The human HCC HepG2, HuH-7 and HEK293 (human embryonic kidney cells) cell lines were purchased from the American Type Culture Collection (Manassas, VA, USA). SMMC7721 was purchased from the Institute of Biochemistry and Cell Biology, Chinese Academy of Sciences, Shanghai, China. The cells were maintained in a humidified condition that contained 5% CO₂ at 37°C and cultured in RPMI-1640 medium supplemented with 10% fetal bovine serum (FBS) and 2 mM glutamine, followed by the addition of 100 U/ml penicillin and 100 μg/ml streptomycin.
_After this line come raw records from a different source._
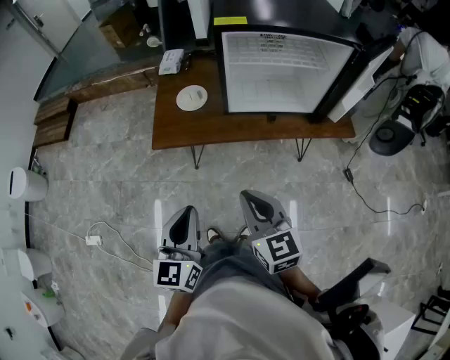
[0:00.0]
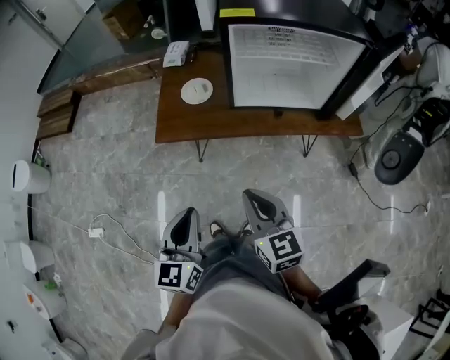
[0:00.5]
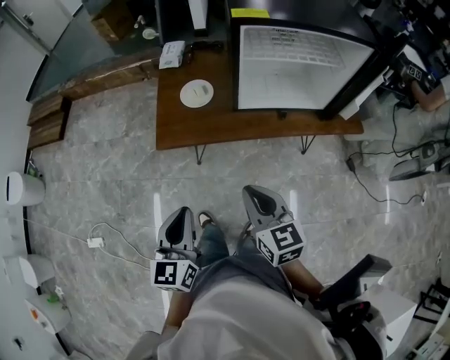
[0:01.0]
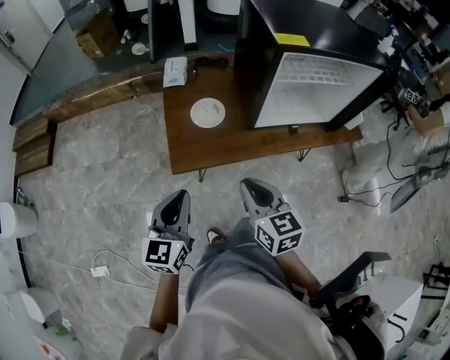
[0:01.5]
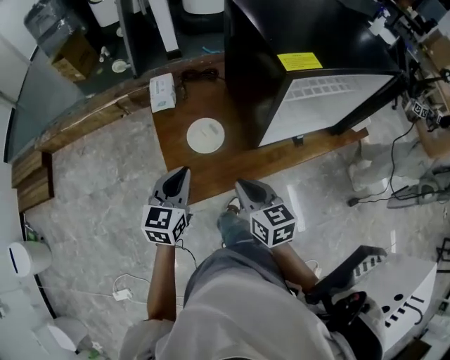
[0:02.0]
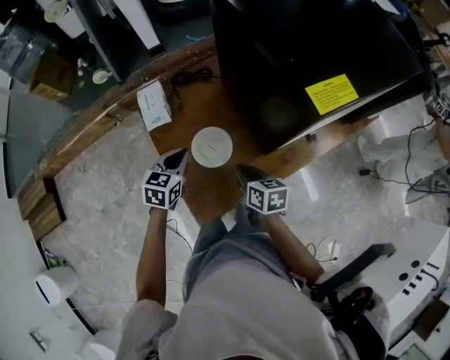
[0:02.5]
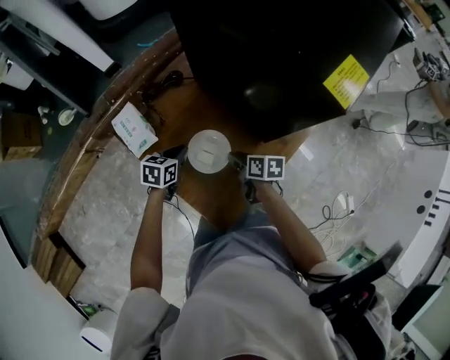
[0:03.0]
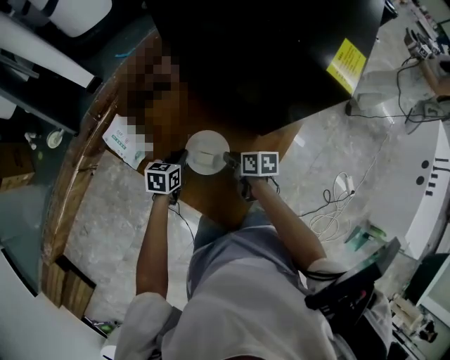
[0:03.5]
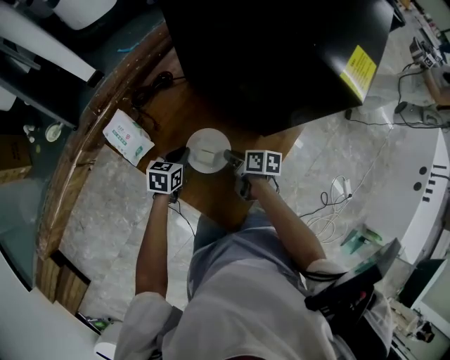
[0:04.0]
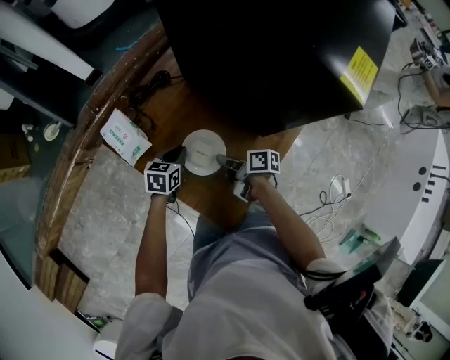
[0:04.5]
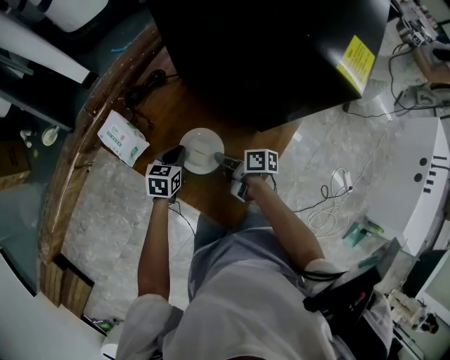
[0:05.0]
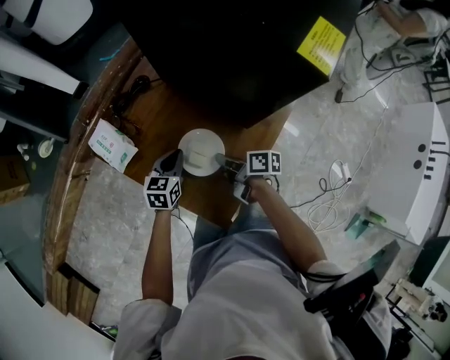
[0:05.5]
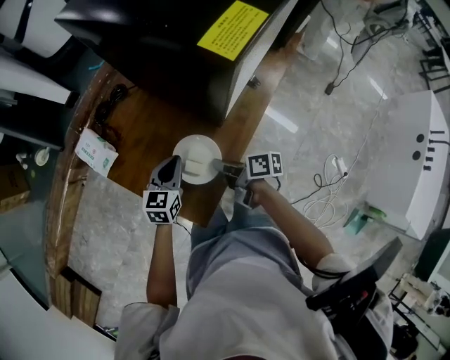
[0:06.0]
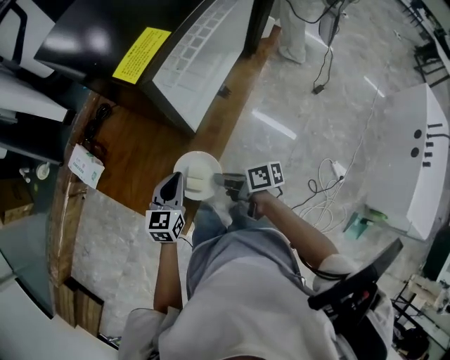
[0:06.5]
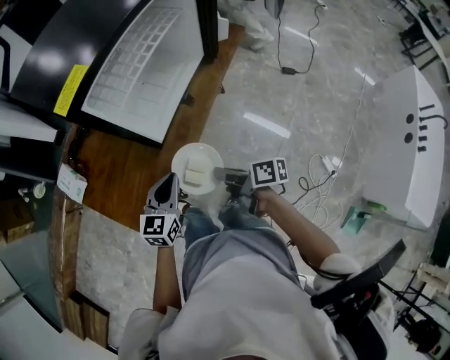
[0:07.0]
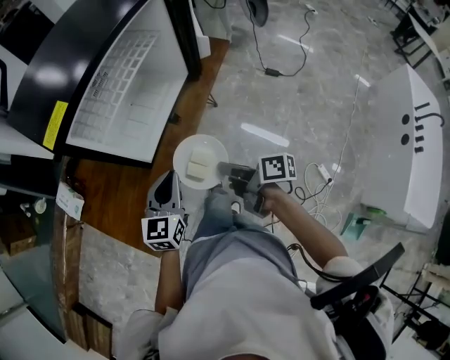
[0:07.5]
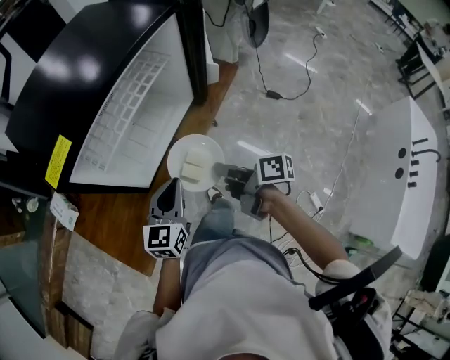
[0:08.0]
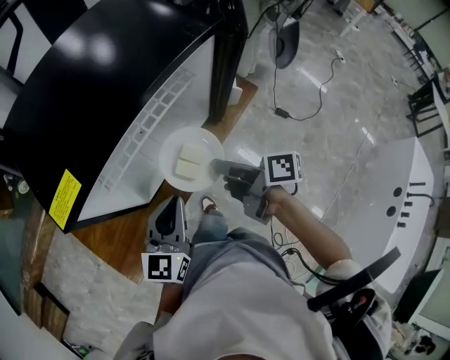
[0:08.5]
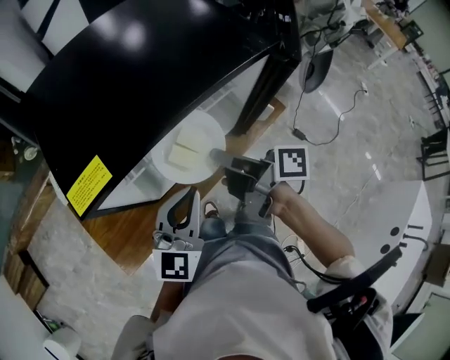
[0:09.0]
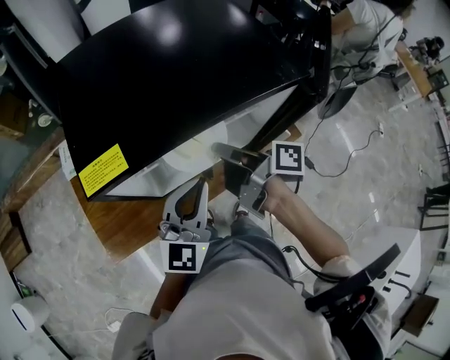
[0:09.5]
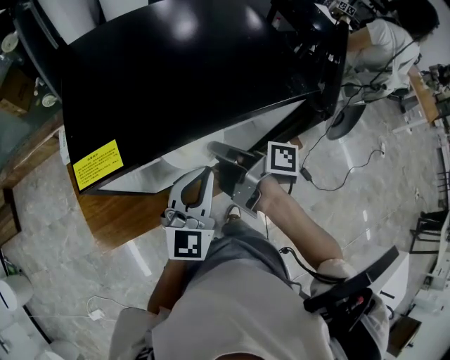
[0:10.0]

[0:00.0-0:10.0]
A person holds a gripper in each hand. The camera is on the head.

Construction of lentiviral and adenoviral vectors

The most effective lentiviral vectors carrying shRNA were previously screened in our laboratory (20). Adenoviral vectors harboring TRAIL and lentiviral vectors carrying shBcl-xL, shcIAP2, shSurvivin and shRaf-1 were previously constructed by our laboratory (20,25). Construction and purification of the vectors were performed as per the standard protocol. The titration of recombinant lentiviruses and adenoviruses was performed using a TCID50 assay on HEK293 cells. Recombinant lentiviral and adenoviral vectors were short for LV and Ad5, respectively. The cells were subsequently divided into the Mock, LV-shSNAIL, Ad5.TRAIL and Ad5. TRAIL + LV-shSNAIL groups.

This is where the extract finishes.